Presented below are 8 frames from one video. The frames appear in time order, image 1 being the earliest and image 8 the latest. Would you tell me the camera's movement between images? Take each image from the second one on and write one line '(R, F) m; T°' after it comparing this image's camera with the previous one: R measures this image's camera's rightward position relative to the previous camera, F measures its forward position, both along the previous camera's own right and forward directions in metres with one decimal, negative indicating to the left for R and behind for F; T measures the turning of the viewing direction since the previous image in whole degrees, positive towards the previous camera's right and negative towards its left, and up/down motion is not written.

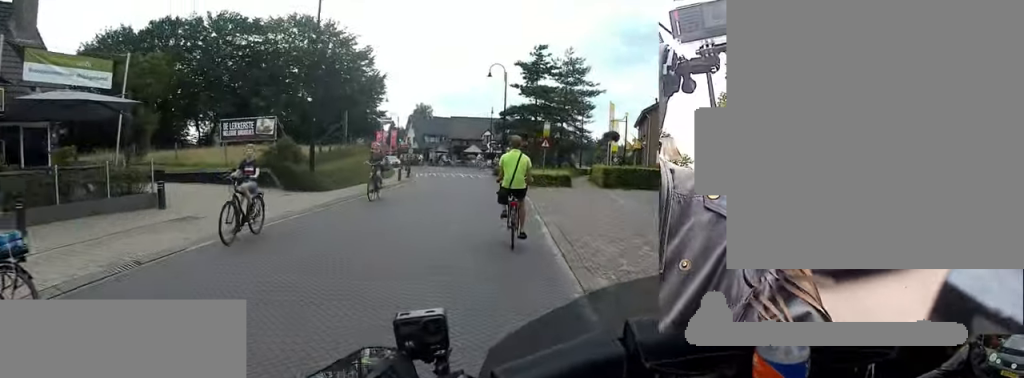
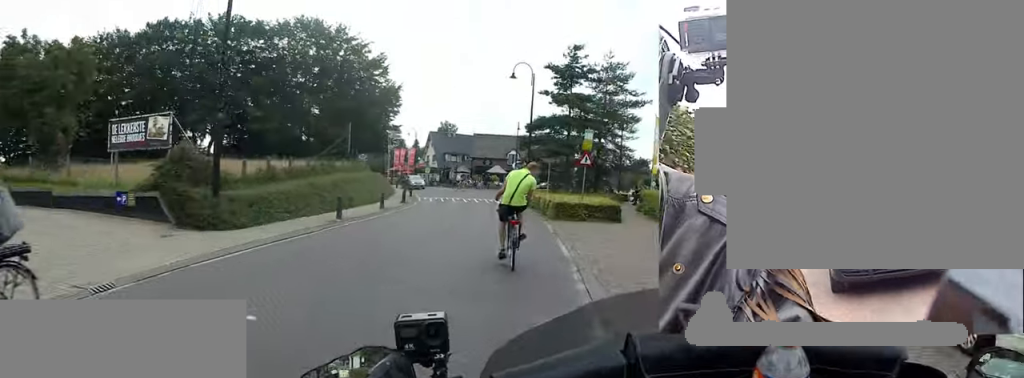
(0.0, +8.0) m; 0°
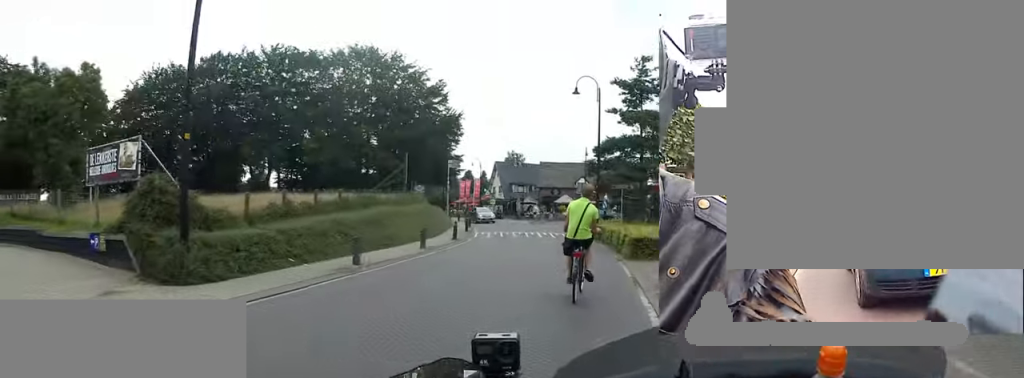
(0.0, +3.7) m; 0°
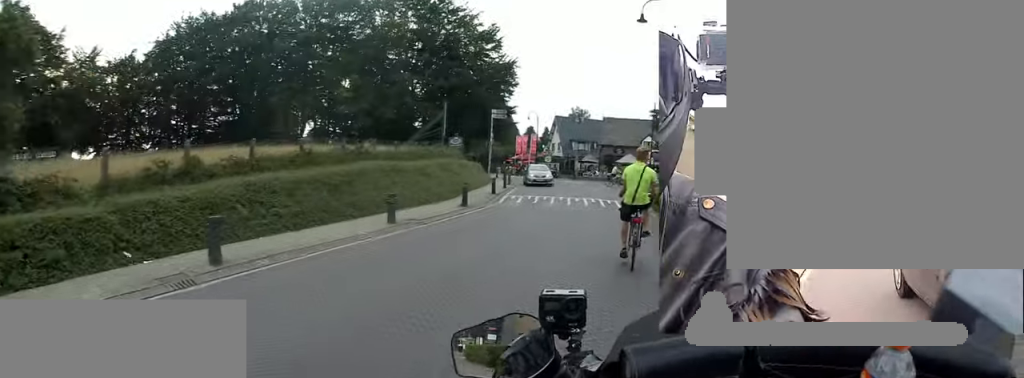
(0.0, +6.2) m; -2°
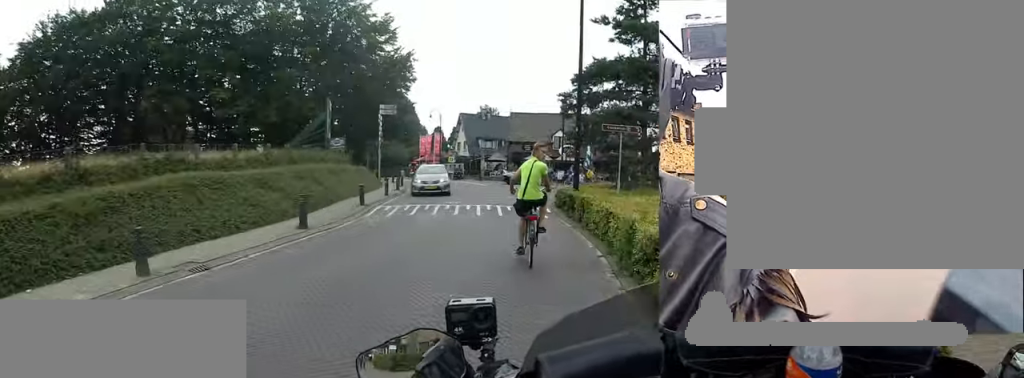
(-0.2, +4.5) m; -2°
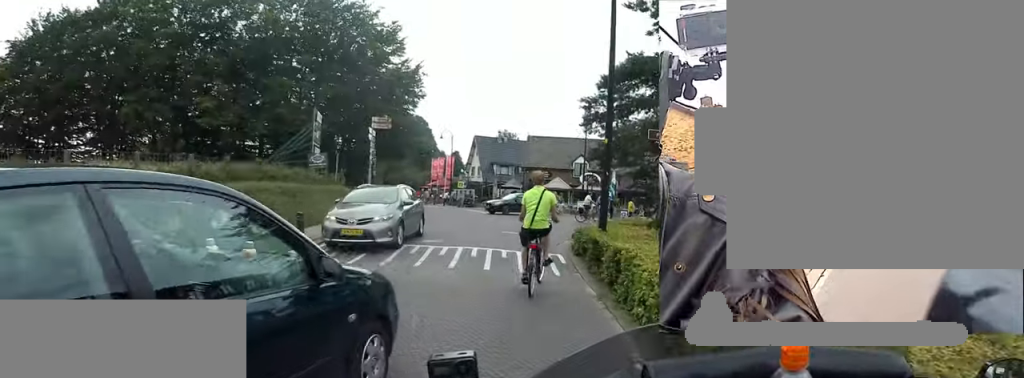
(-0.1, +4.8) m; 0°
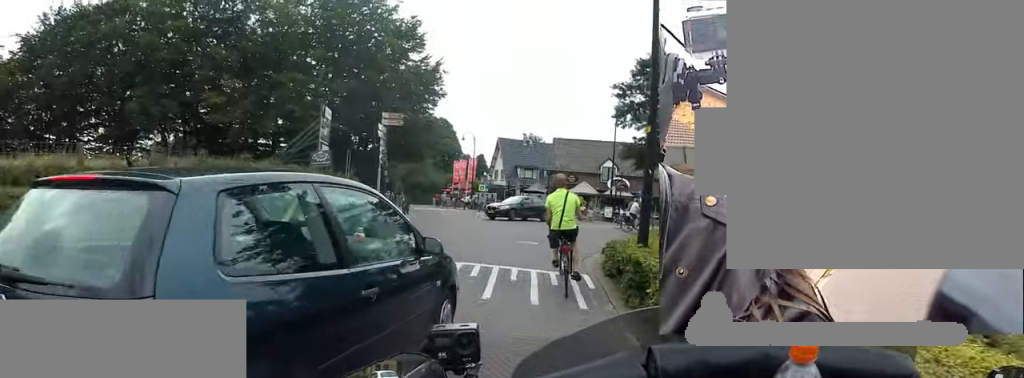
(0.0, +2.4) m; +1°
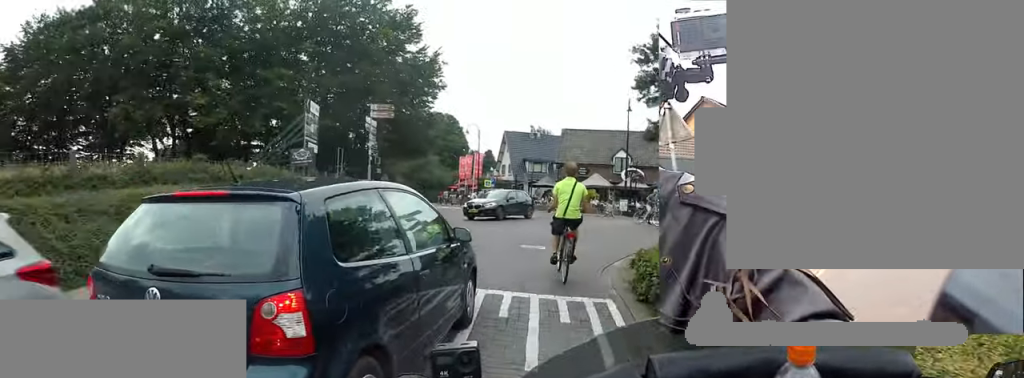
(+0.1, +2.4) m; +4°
---+---
* **Exercise aim**
In your copy, every entry above must match word for word, and no picture may appear.

* **Written solution**
Presented below are 8 frames from one video. The frames appear in time order, image 1 being the earliest and image 8 the latest. Would you tell me the camera's movement between images? Take each image from the second one on and write one line '(R, F) m; T°' after it comparing this image's camera with the previous one: R measures this image's camera's rightward position relative to the previous camera, F measures its forward position, both along the previous camera's own right and forward directions in metres with one decimal, negative indicating to the left for R and behind for F; T measures the turning of the viewing direction since the previous image in whole degrees, positive towards the previous camera's right and negative towards its left, and up/down motion is not written.

(0.0, +8.0) m; 0°
(0.0, +3.7) m; 0°
(0.0, +6.2) m; -2°
(-0.2, +4.5) m; -2°
(-0.1, +4.8) m; 0°
(0.0, +2.4) m; +1°
(+0.1, +2.4) m; +4°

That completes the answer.